» Instructions to follow
Text in the records must be reproduced exactly, and pictures must be skipped.

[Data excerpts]
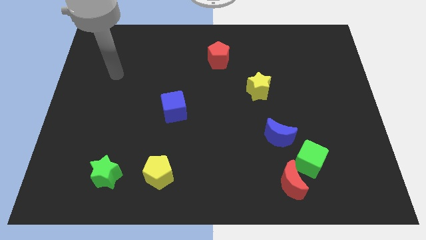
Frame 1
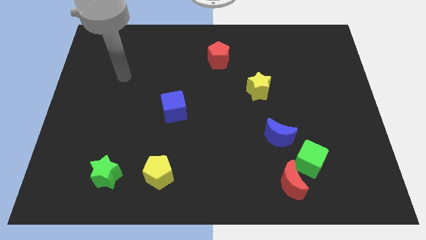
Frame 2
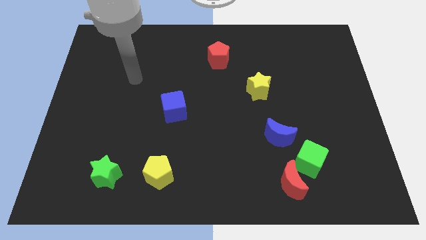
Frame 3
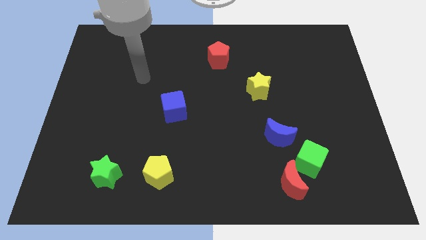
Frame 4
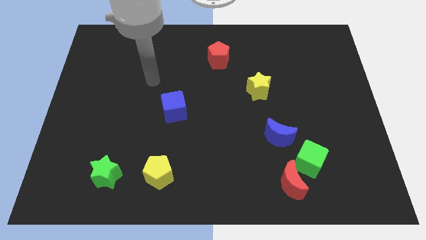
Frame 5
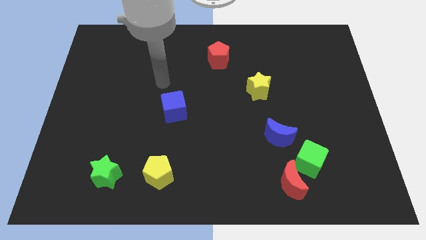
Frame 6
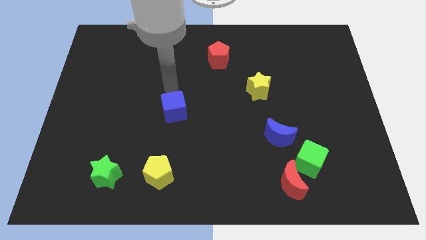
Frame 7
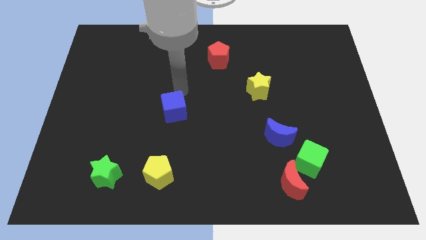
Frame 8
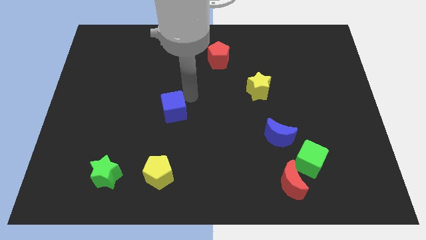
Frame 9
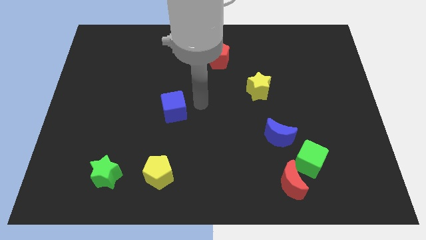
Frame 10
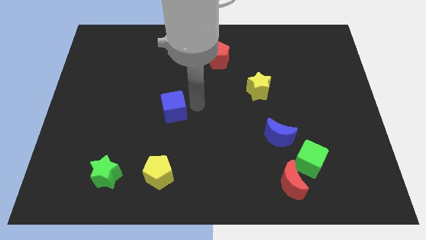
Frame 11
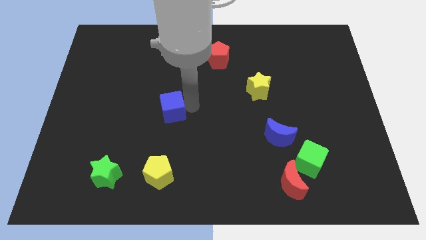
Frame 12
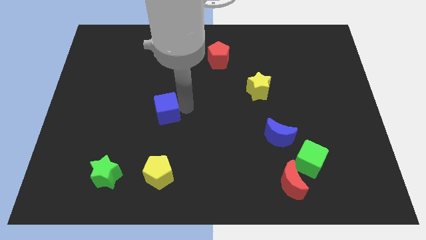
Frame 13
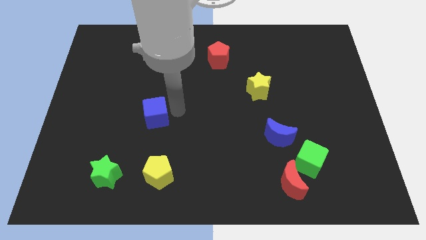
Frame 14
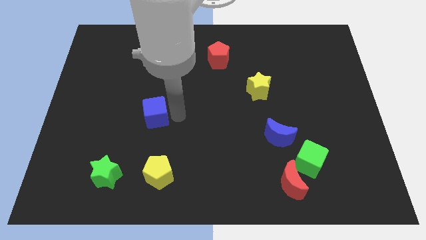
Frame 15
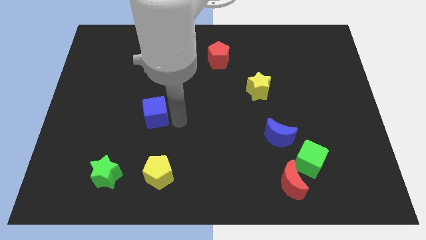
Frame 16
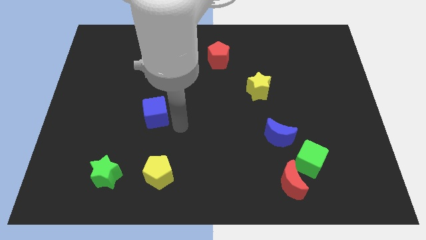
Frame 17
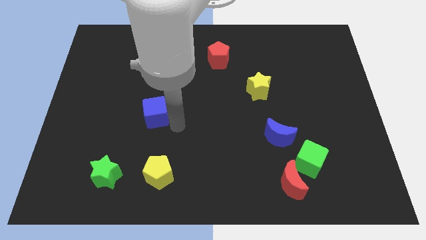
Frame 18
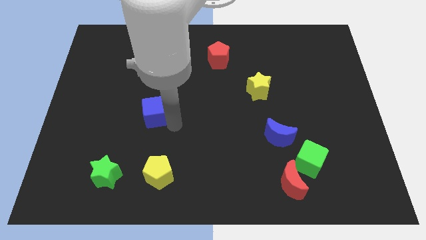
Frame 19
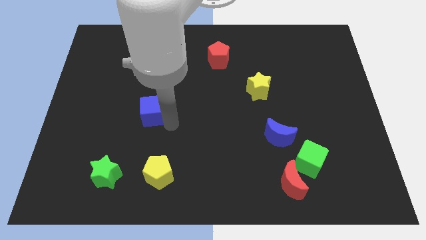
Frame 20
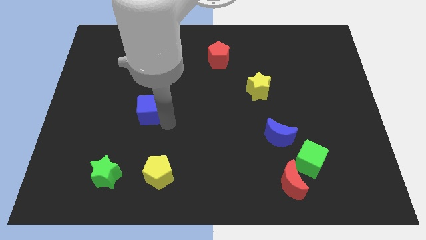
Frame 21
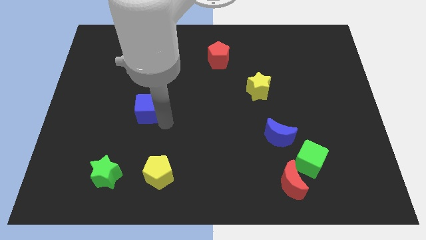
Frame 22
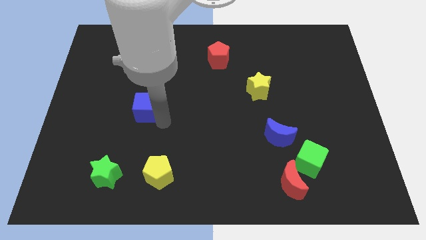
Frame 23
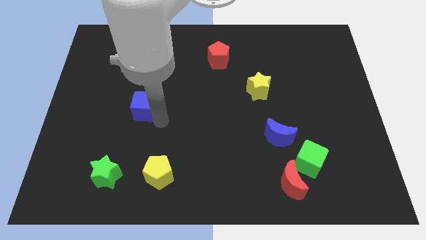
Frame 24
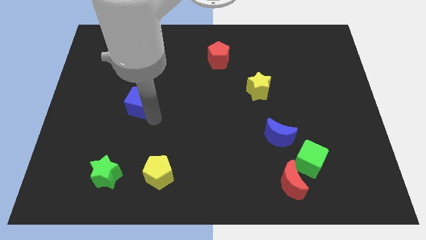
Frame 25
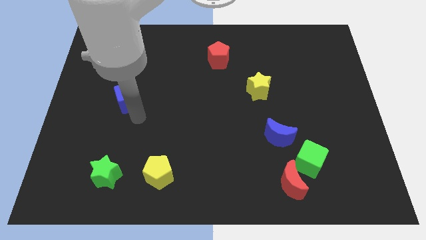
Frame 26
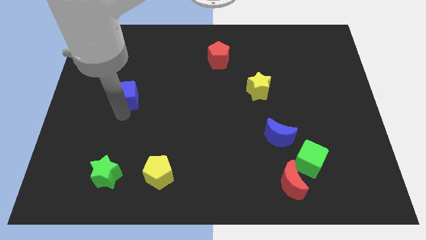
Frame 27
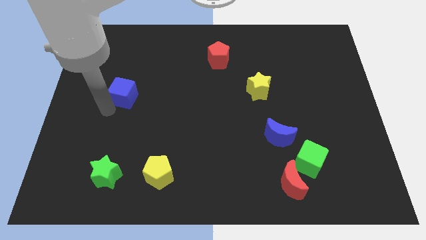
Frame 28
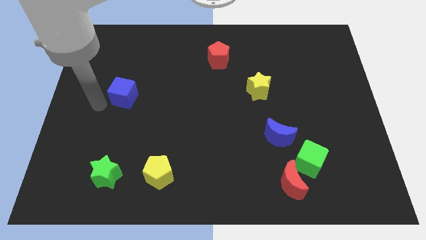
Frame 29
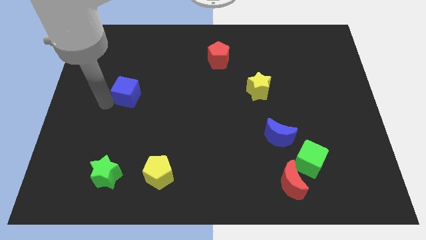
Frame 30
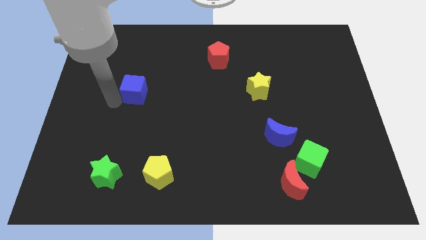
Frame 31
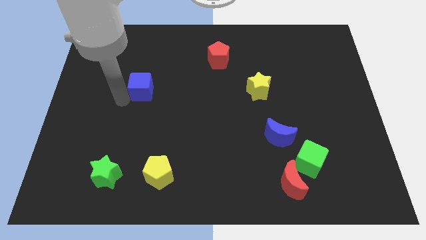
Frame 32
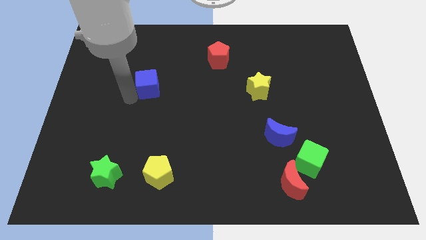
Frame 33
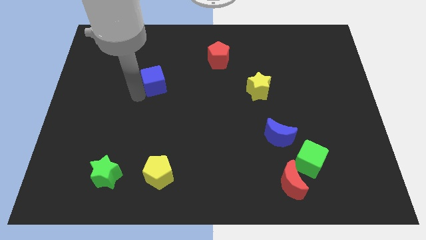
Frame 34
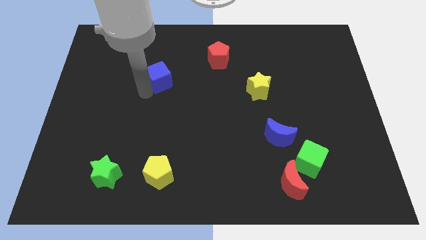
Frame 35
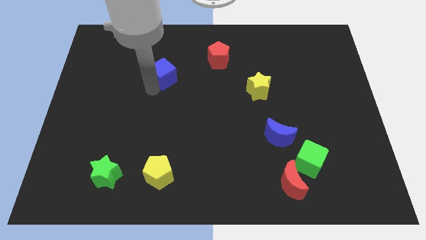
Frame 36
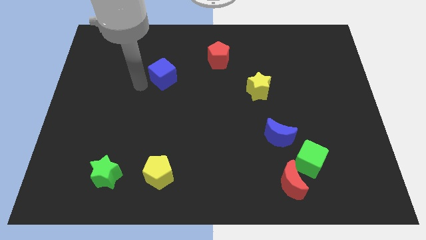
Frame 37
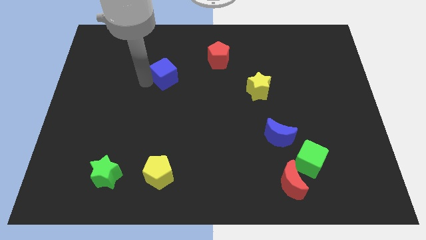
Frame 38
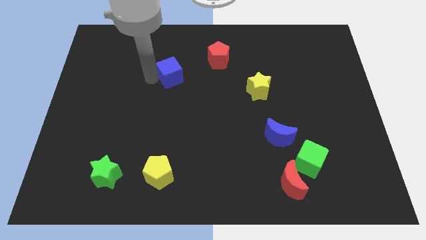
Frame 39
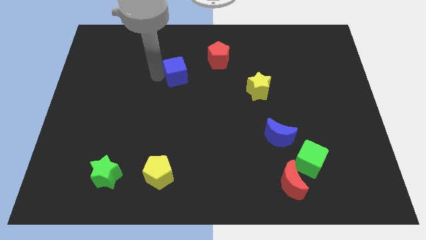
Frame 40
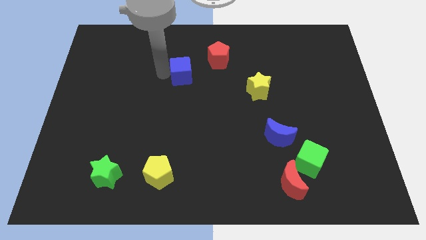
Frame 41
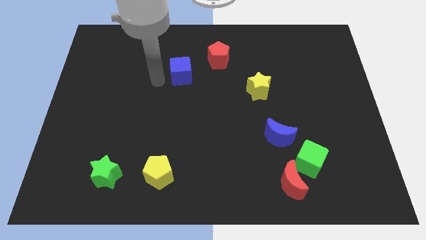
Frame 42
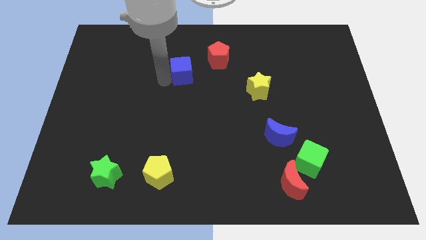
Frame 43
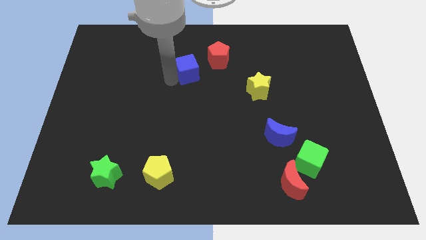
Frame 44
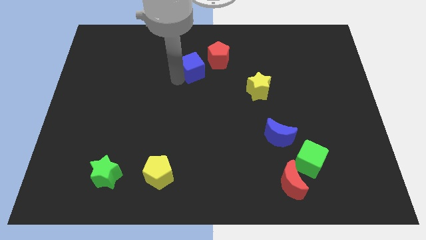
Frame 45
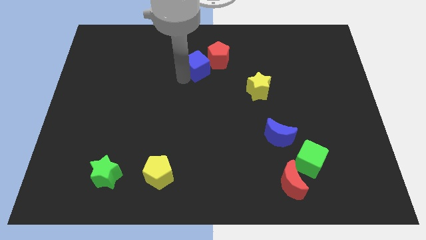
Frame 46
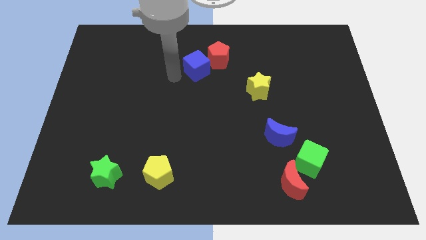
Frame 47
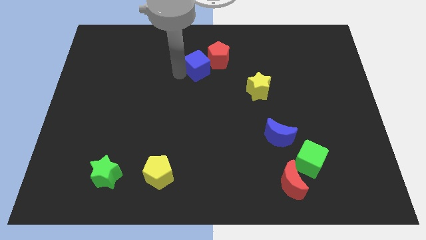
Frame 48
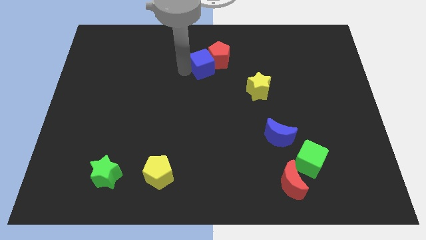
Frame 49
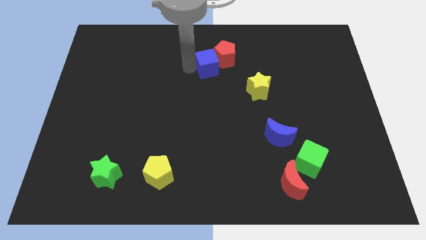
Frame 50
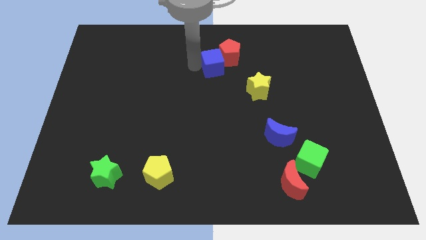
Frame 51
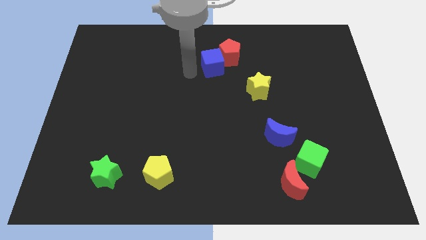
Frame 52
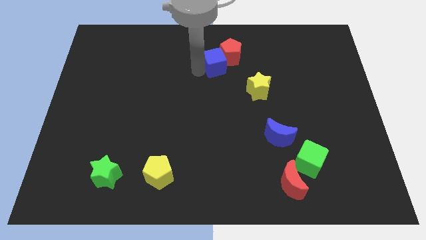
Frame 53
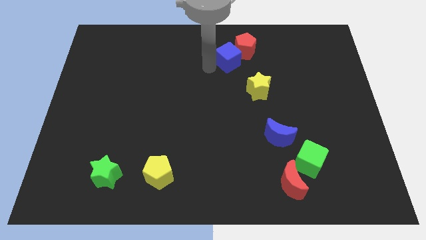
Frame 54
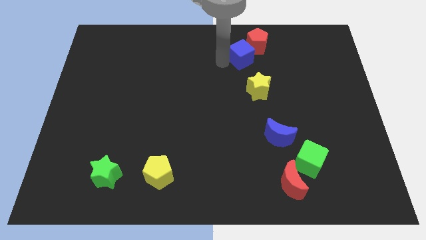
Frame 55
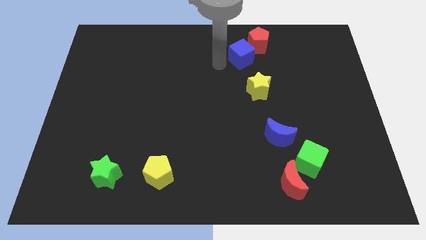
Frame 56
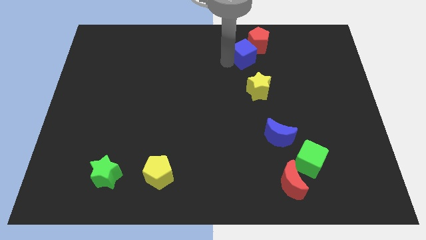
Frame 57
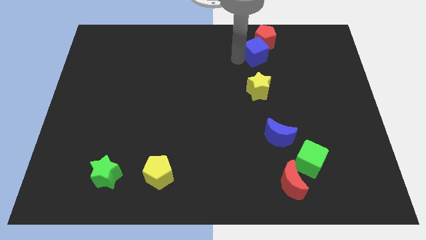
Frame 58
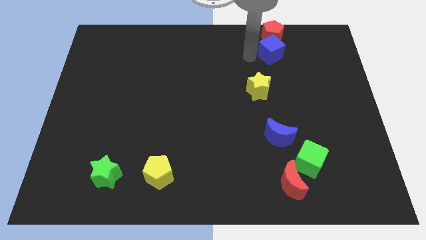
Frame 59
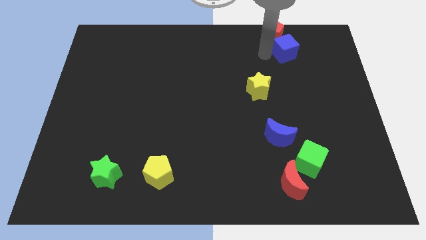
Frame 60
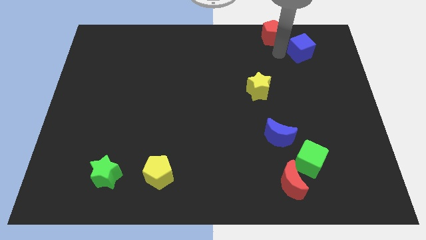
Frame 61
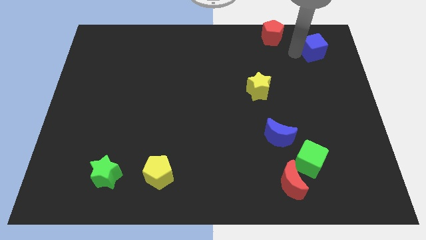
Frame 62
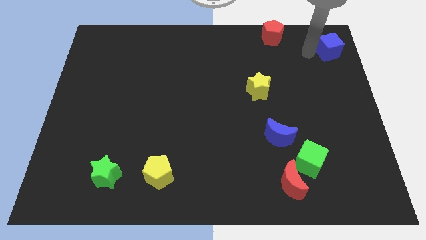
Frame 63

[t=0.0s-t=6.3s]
slide the blue cube to the top right corner

» Answer
Frame 1
Frame 2
Frame 3
Frame 4
Frame 5
Frame 6
Frame 7
Frame 8
Frame 9
Frame 10
Frame 11
Frame 12
Frame 13
Frame 14
Frame 15
Frame 16
Frame 17
Frame 18
Frame 19
Frame 20
Frame 21
Frame 22
Frame 23
Frame 24
Frame 25
Frame 26
Frame 27
Frame 28
Frame 29
Frame 30
Frame 31
Frame 32
Frame 33
Frame 34
Frame 35
Frame 36
Frame 37
Frame 38
Frame 39
Frame 40
Frame 41
Frame 42
Frame 43
Frame 44
Frame 45
Frame 46
Frame 47
Frame 48
Frame 49
Frame 50
Frame 51
Frame 52
Frame 53
Frame 54
Frame 55
Frame 56
Frame 57
Frame 58
Frame 59
Frame 60
Frame 61
Frame 62
Frame 63

[t=0.0s-t=6.3s]
slide the blue cube to the top right corner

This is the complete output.